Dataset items
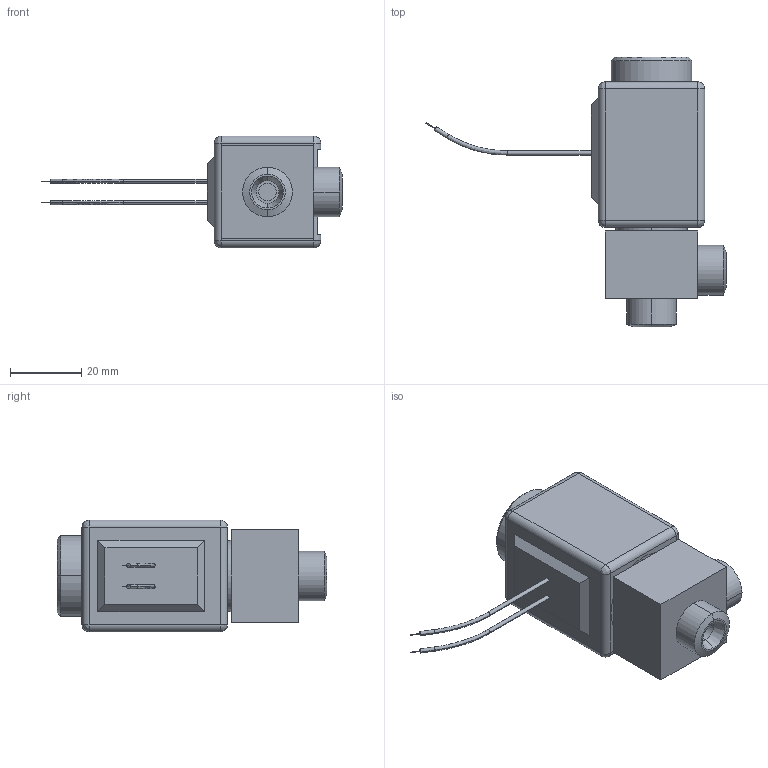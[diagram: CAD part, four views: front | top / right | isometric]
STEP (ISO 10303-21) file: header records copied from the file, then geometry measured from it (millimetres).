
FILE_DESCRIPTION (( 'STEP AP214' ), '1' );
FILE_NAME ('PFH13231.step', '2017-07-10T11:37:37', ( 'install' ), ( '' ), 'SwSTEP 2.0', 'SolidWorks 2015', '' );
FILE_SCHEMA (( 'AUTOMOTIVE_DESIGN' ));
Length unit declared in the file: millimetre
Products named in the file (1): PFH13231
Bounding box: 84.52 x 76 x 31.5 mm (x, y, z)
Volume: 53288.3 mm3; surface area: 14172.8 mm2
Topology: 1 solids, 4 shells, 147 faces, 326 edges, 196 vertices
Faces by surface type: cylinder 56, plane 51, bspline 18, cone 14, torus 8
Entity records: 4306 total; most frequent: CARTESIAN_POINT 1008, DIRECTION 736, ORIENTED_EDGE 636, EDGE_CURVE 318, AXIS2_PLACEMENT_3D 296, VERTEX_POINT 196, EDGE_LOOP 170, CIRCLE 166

## ABOUT THIS TASK
Write out the records exactly. Do not carry the pictures over.

## WORKED SOLUTION
[diagram: CAD part, four views: front | top / right | isometric]
STEP (ISO 10303-21) file: header records copied from the file, then geometry measured from it (millimetres).
FILE_DESCRIPTION (( 'STEP AP214' ), '1' );
FILE_NAME ('PFH13231.step', '2017-07-10T11:37:37', ( 'install' ), ( '' ), 'SwSTEP 2.0', 'SolidWorks 2015', '' );
FILE_SCHEMA (( 'AUTOMOTIVE_DESIGN' ));
Length unit declared in the file: millimetre
Products named in the file (1): PFH13231
Bounding box: 84.52 x 76 x 31.5 mm (x, y, z)
Volume: 53288.3 mm3; surface area: 14172.8 mm2
Topology: 1 solids, 4 shells, 147 faces, 326 edges, 196 vertices
Faces by surface type: cylinder 56, plane 51, bspline 18, cone 14, torus 8
Entity records: 4306 total; most frequent: CARTESIAN_POINT 1008, DIRECTION 736, ORIENTED_EDGE 636, EDGE_CURVE 318, AXIS2_PLACEMENT_3D 296, VERTEX_POINT 196, EDGE_LOOP 170, CIRCLE 166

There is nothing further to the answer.